• **Study material**:
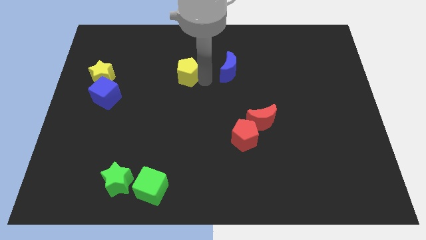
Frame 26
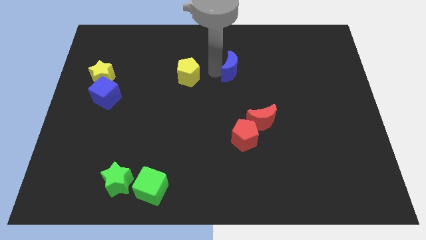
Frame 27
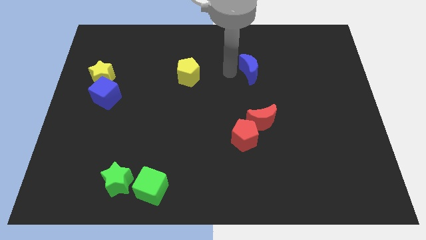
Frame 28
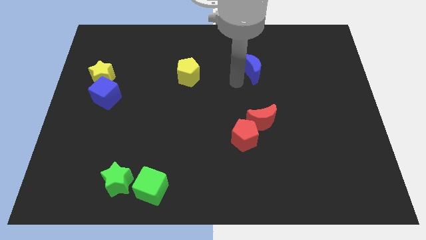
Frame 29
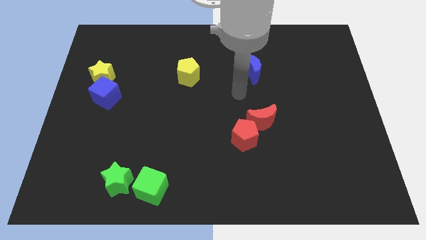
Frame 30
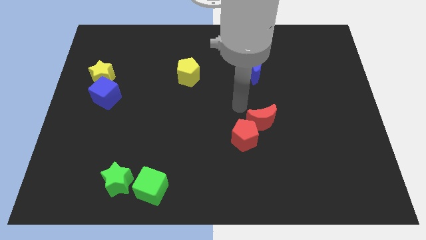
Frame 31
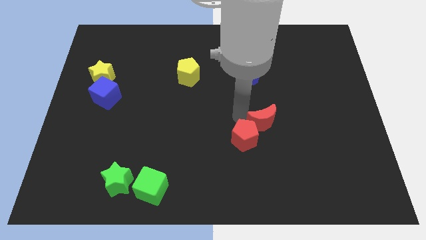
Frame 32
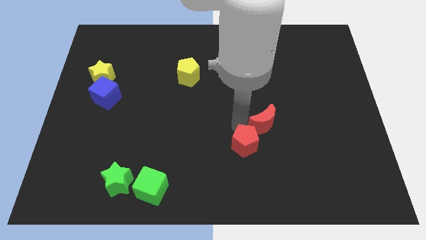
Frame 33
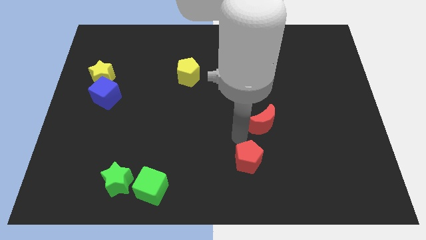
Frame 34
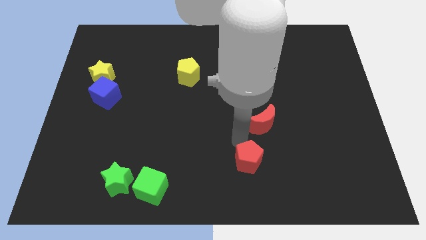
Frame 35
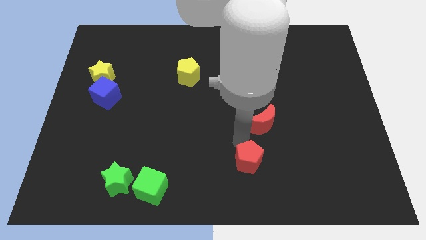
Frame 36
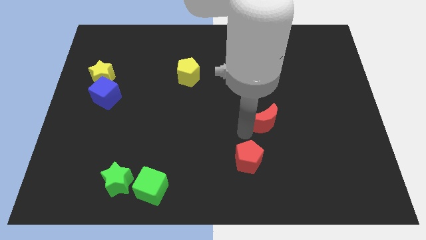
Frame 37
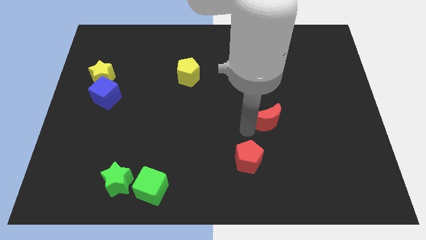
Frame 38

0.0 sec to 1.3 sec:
push the blue moon to the right

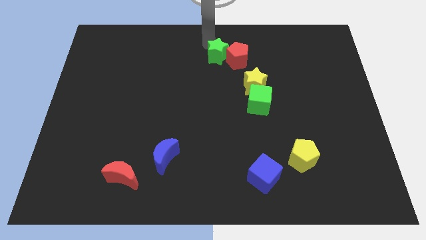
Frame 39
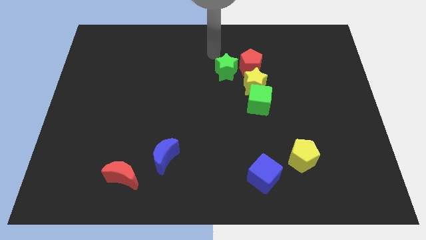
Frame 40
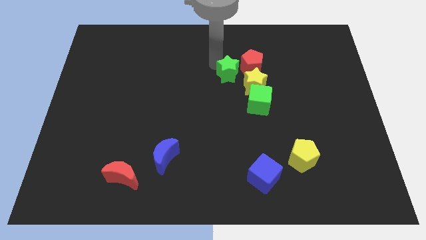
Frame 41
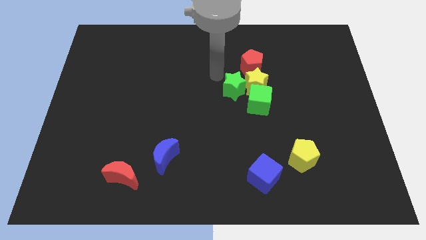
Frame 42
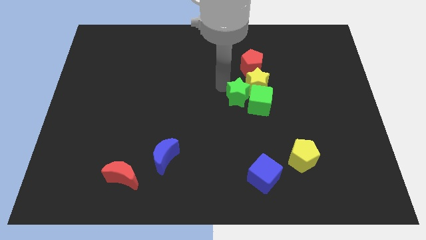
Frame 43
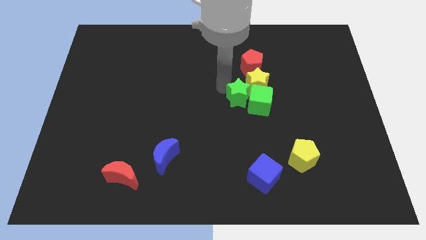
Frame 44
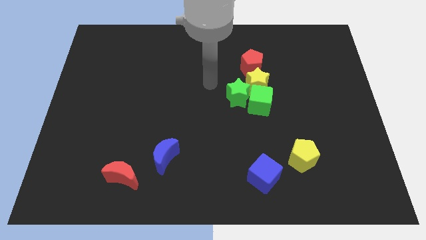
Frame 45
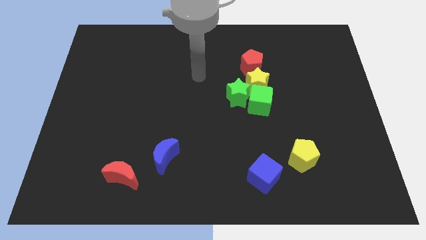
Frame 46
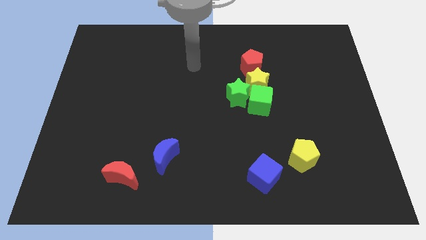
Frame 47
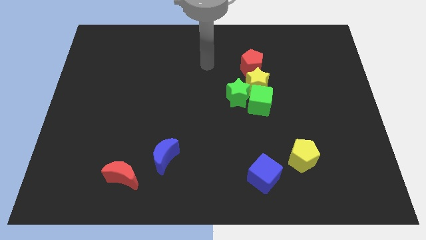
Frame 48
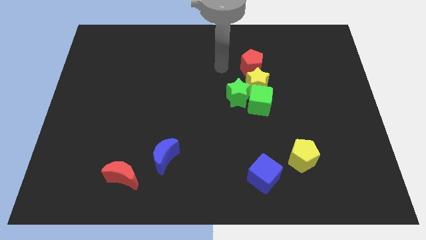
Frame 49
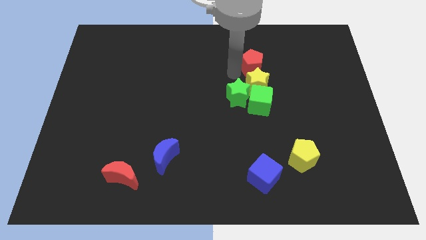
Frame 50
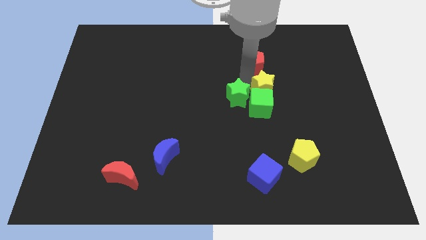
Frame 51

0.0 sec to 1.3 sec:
place the green star to the left of the green cube

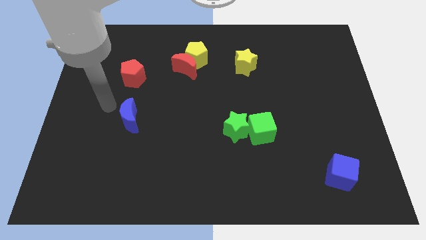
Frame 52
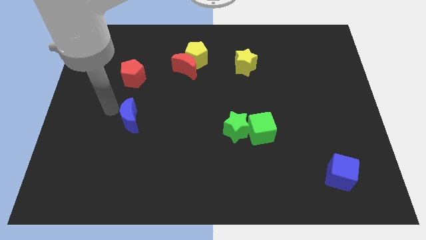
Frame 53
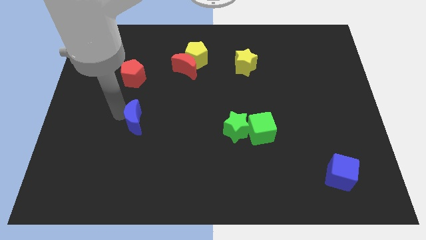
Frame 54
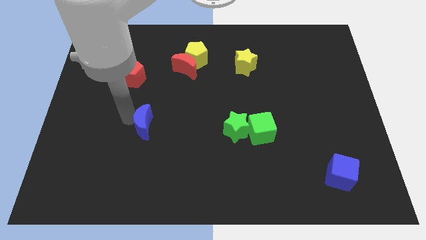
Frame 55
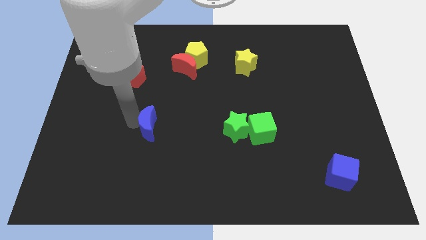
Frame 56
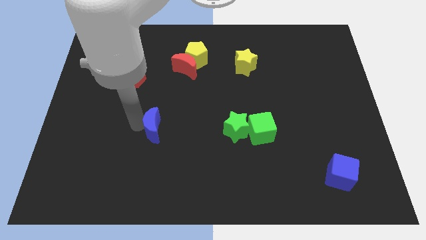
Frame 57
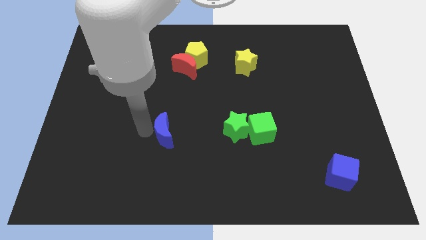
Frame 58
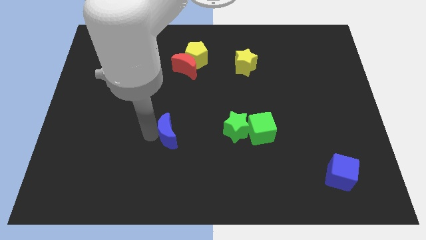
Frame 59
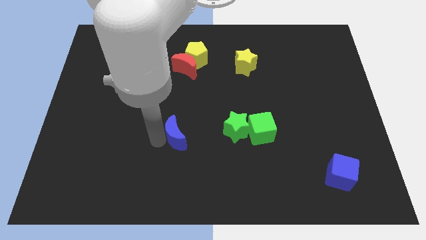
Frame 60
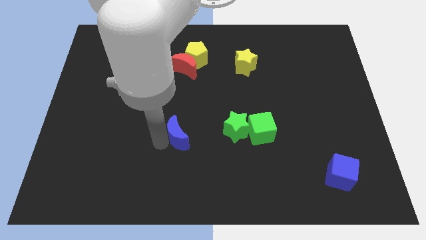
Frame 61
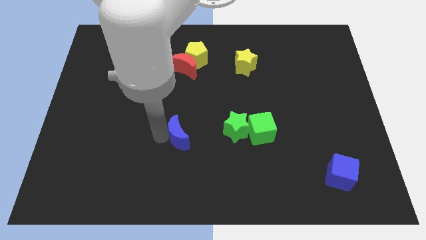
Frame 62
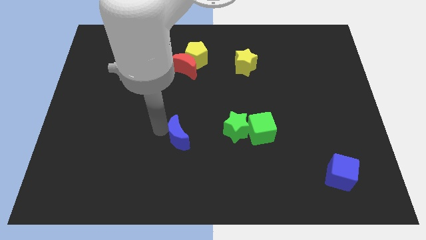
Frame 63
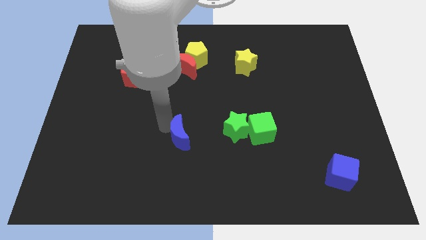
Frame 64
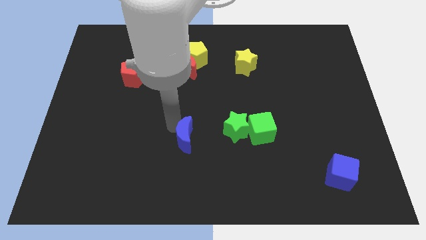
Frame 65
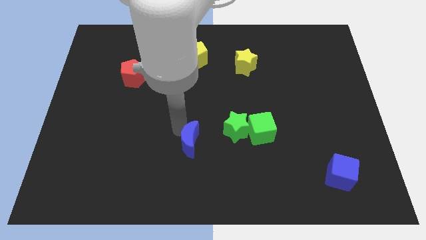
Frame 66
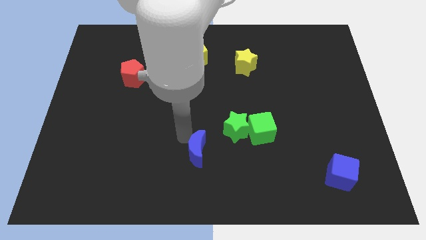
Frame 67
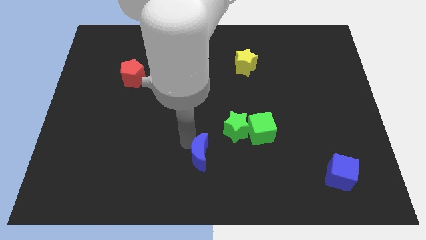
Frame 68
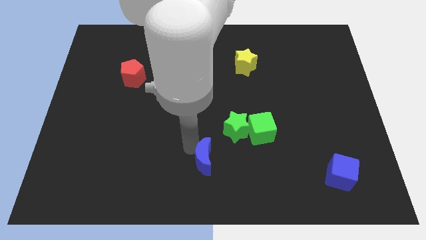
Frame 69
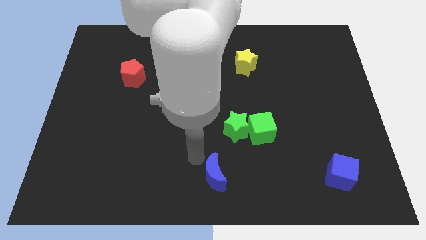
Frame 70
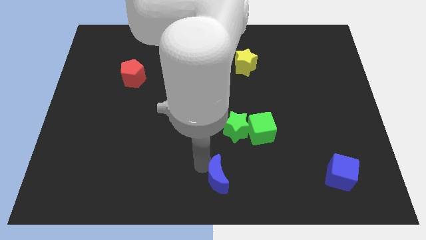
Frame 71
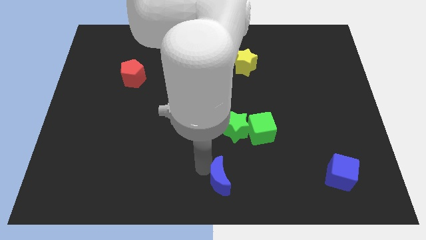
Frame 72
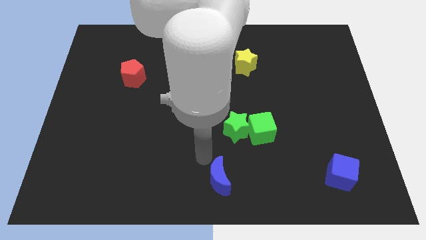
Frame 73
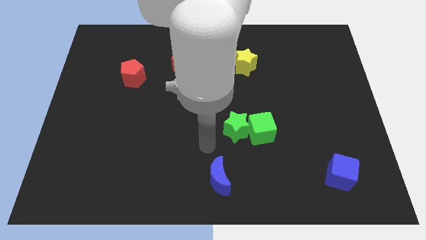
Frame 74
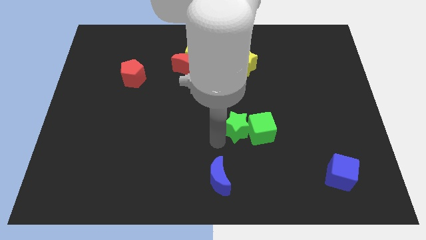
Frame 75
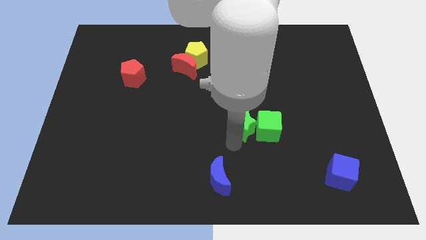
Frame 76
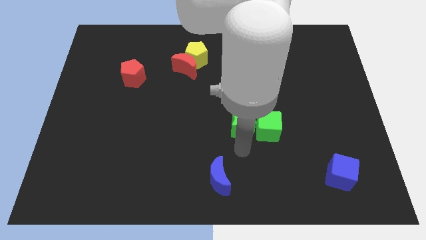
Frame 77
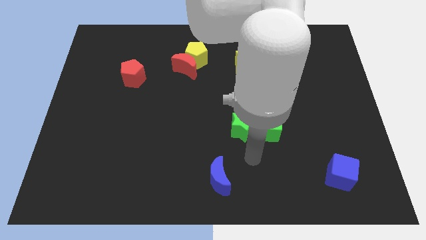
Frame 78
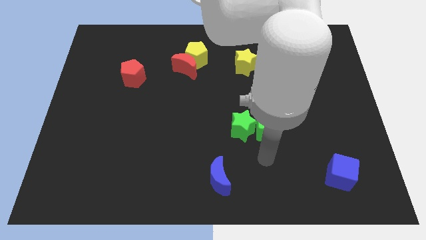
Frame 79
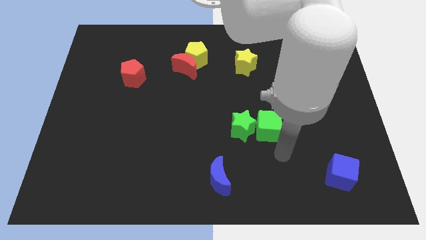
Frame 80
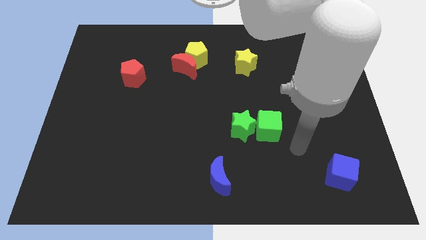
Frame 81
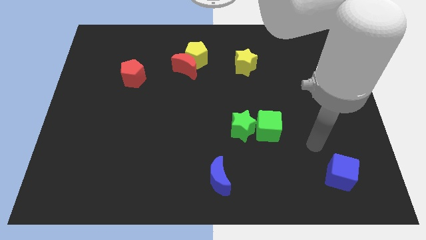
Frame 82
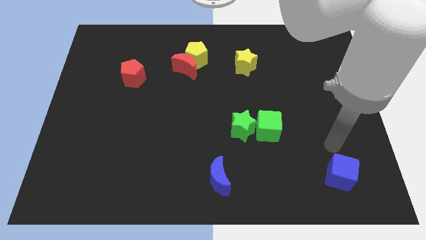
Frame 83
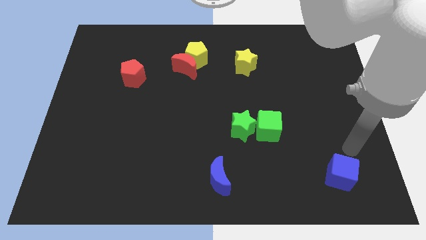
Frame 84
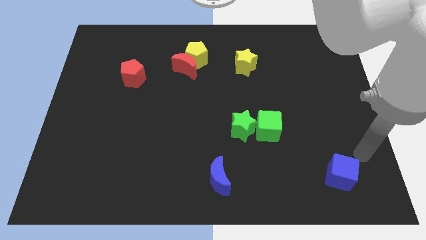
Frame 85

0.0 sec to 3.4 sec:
place the blue moon diagonally to the green star

• **What to produce**: Repeat the entries exactly. Any picture is to be left out.

• **Task output**:
Frame 26
Frame 27
Frame 28
Frame 29
Frame 30
Frame 31
Frame 32
Frame 33
Frame 34
Frame 35
Frame 36
Frame 37
Frame 38

0.0 sec to 1.3 sec:
push the blue moon to the right

Frame 39
Frame 40
Frame 41
Frame 42
Frame 43
Frame 44
Frame 45
Frame 46
Frame 47
Frame 48
Frame 49
Frame 50
Frame 51

0.0 sec to 1.3 sec:
place the green star to the left of the green cube

Frame 52
Frame 53
Frame 54
Frame 55
Frame 56
Frame 57
Frame 58
Frame 59
Frame 60
Frame 61
Frame 62
Frame 63
Frame 64
Frame 65
Frame 66
Frame 67
Frame 68
Frame 69
Frame 70
Frame 71
Frame 72
Frame 73
Frame 74
Frame 75
Frame 76
Frame 77
Frame 78
Frame 79
Frame 80
Frame 81
Frame 82
Frame 83
Frame 84
Frame 85

0.0 sec to 3.4 sec:
place the blue moon diagonally to the green star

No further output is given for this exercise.